5,7,10 topics around Libya and 3,9,14,17 conversations related to Israel.

In [21]:
N = 11
lda = LdaMulticore(corpus, num_topics=N, workers=3, id2word=dictionary, alpha=0.02, eta=0.02, 
                   iterations=1000, random_state=42)
lda.print_topics(N)

[(0,
  '0.005*"obama" + 0.004*"president" + 0.003*"party" + 0.003*"political" + 0.003*"house" + 0.003*"government" + 0.003*"secretary" + 0.002*"people" + 0.002*"called" + 0.002*"office"'),
 (1,
  '0.004*"monday" + 0.004*"secretary" + 0.003*"speech" + 0.003*"nuclear" + 0.003*"clinton" + 0.003*"issues" + 0.003*"washington" + 0.003*"message" + 0.003*"print" + 0.003*"reid"'),
 (2,
  '0.005*"send" + 0.004*"secretary" + 0.004*"haiti" + 0.003*"release" + 0.003*"clinton" + 0.003*"schedule" + 0.003*"statement" + 0.003*"message" + 0.003*"cheryl" + 0.003*"talk"'),
 (3,
  '0.007*"israel" + 0.004*"print" + 0.004*"american" + 0.004*"political" + 0.004*"obama" + 0.003*"foreign" + 0.003*"president" + 0.003*"peace" + 0.003*"speech" + 0.003*"iran"'),
 (4,
  '0.007*"secretary" + 0.004*"clinton" + 0.004*"office" + 0.004*"press" + 0.004*"speech" + 0.004*"president" + 0.003*"lona" + 0.003*"people" + 0.003*"assistant" + 0.003*"cheryl"'),
 (5,
  '0.004*"libya" + 0.004*"united" + 0.003*"office" + 0.003*"depart

Does not look better after reduction as lost topic about China...

In [29]:
for N in range(2,51):
    lda = LdaMulticore(corpus, num_topics=N, workers=3, id2word=dictionary, alpha=0.02, eta=0.02, 
                   iterations=1000, random_state=42)
    print('Number of modeled topics {} and perplexity for the corpora {}'.format(N, lda.log_perplexity(corpus)))

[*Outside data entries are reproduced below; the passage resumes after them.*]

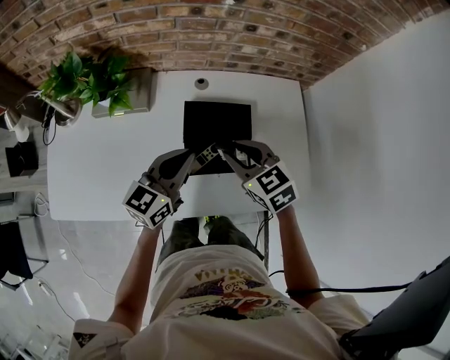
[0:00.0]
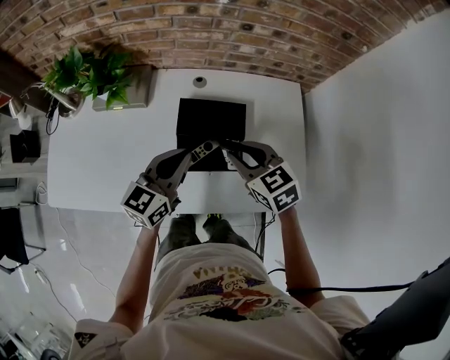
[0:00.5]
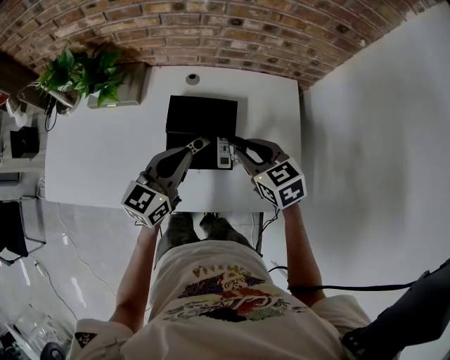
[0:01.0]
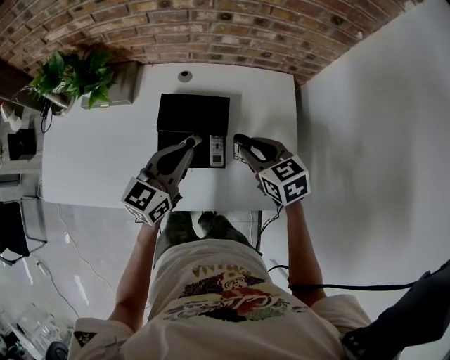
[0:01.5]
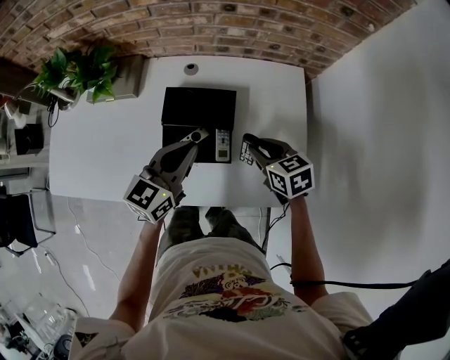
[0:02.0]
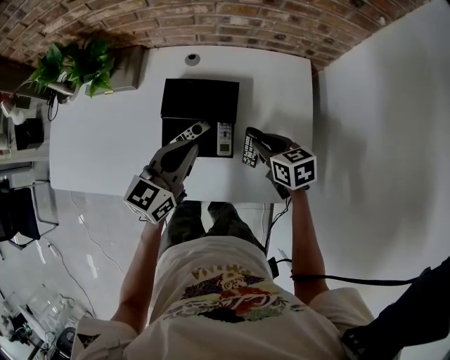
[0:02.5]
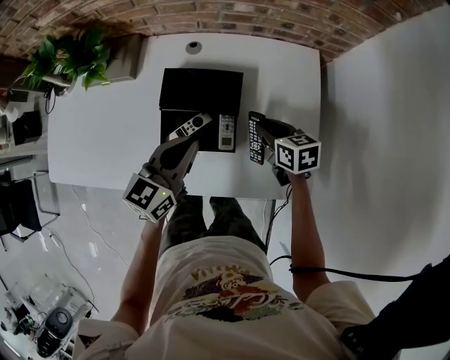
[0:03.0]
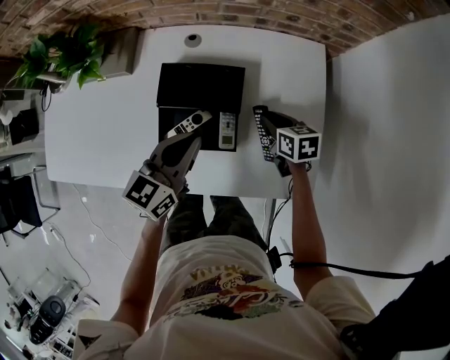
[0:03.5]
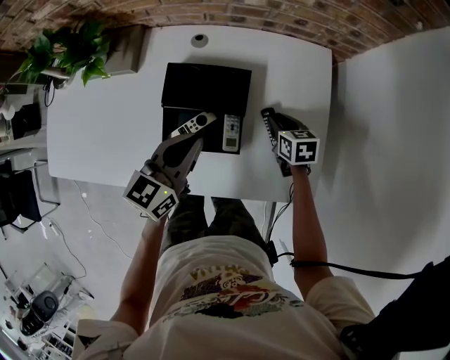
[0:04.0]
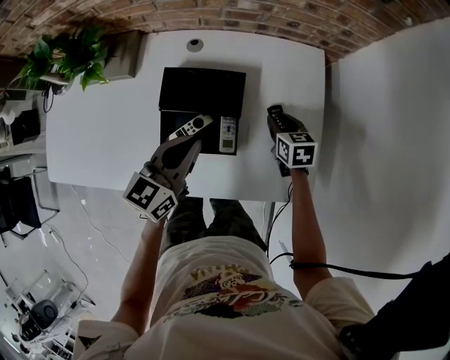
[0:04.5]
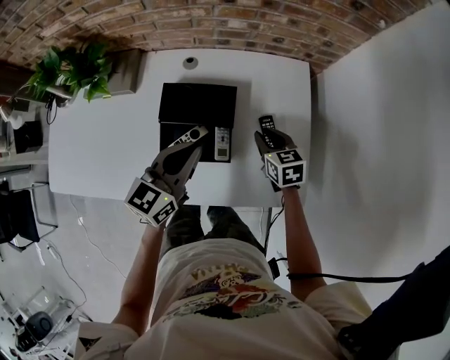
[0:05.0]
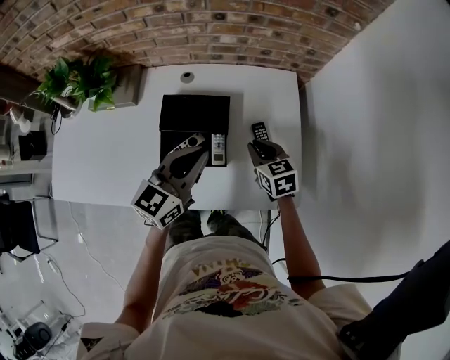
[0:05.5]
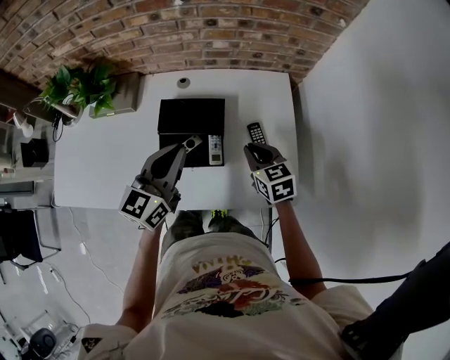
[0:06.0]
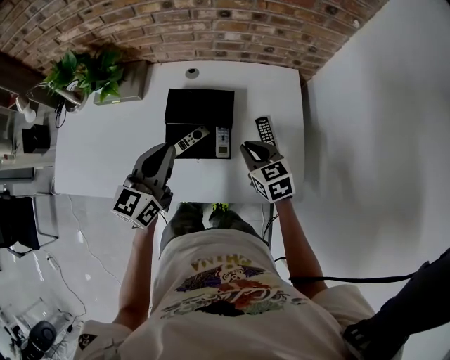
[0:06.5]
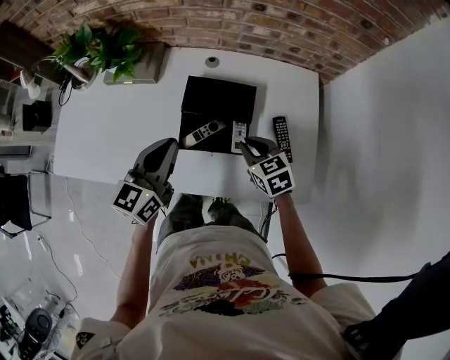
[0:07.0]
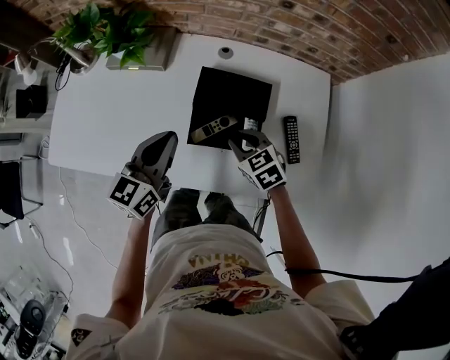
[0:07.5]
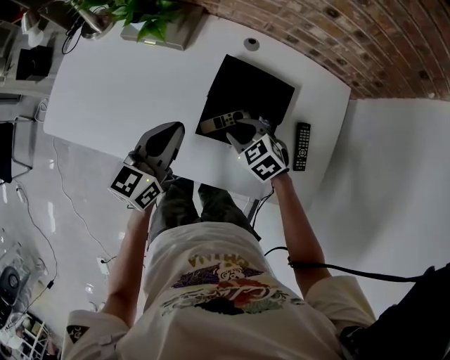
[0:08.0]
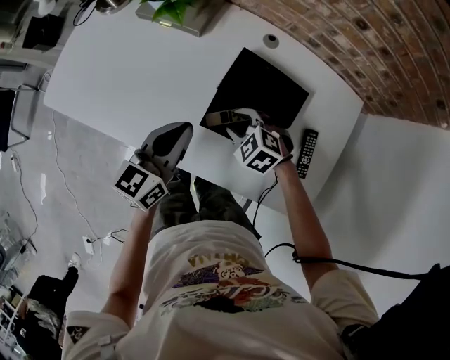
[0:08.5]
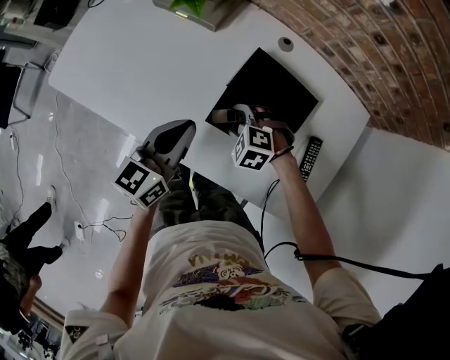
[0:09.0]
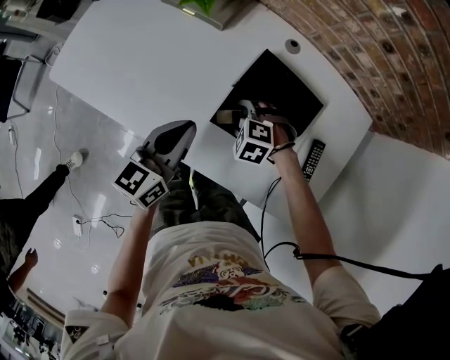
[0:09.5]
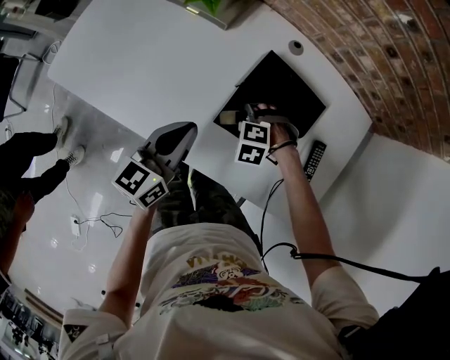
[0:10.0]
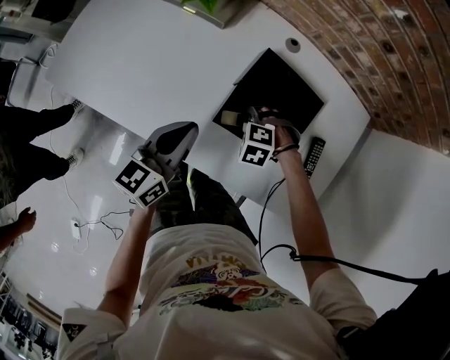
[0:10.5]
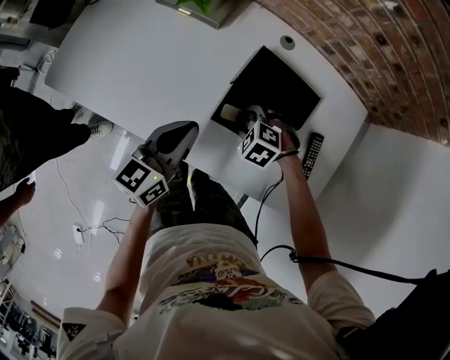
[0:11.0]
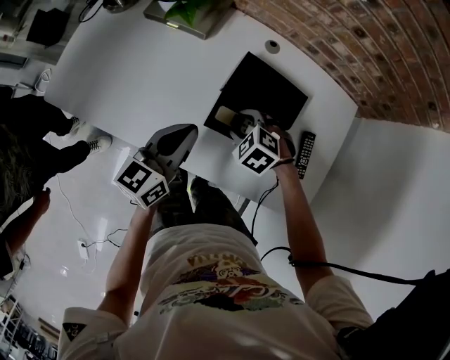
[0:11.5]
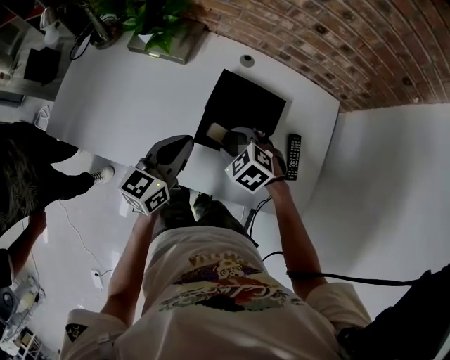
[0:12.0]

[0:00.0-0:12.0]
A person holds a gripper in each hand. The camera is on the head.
0:00.0 to 0:02.0: The right gripper moves to the right and downward, approximately 20 cm, while the left gripper heads to the right, covering some 10 cm.
0:02.0 to 0:04.0: The right gripper goes about 15 cm downward and forward.
0:04.0 to 0:06.0: The left gripper shifts approximately 10 cm upward, while the right gripper goes about 15 cm upward and backward, and swivels roughly 20 degrees.
0:06.0 to 0:08.0: The grippers both shift to the left and downward by roughly 20 cm. The right gripper rotates about 50 degrees.
0:08.0 to 0:10.0: The right gripper is displaced downward by some 10 cm, twists approximately 50 degrees counterclockwise, seen from behind, and opens. Meanwhile the left gripper moves approximately 5 cm.
0:10.0 to 0:12.0: The right gripper shifts approximately 10 cm upward, and rotates about 40 degrees. Meanwhile the left gripper changes place by roughly 5 cm.

Number of modeled topics 2 and perplexity for the corpora -9.271516150431834
Number of modeled topics 3 and perplexity for the corpora -9.404023712125204
Number of modeled topics 4 and perplexity for the corpora -9.536958166659696
Number of modeled topics 5 and perplexity for the corpora -9.646190592954412
Number of modeled topics 6 and perplexity for the corpora -9.738715685847344
Number of modeled topics 7 and perplexity for the corpora -9.694275673091616
Number of modeled topics 8 and perplexity for the corpora -9.76478951162569
Number of modeled topics 9 and perplexity for the corpora -9.803833055632605
Number of modeled topics 10 and perplexity for the corpora -9.871231882430763
Number of modeled topics 11 and perplexity for the corpora -9.924778216326255
Number of modeled topics 12 and perplexity for the corpora -9.946776065371559
Number of modeled topics 13 and perplexity for the corpora -10.002614743762406
Number of modeled topics 14 and perplexity for the corpora -10.032282207

Unfortunately we don't have a specific heldout cropora to evaluate our results properly. From the observed results we can see the that potentialy 6-7 topics can be a good fit as of a slight decrese of 7 between scores for 6 and 8 topics.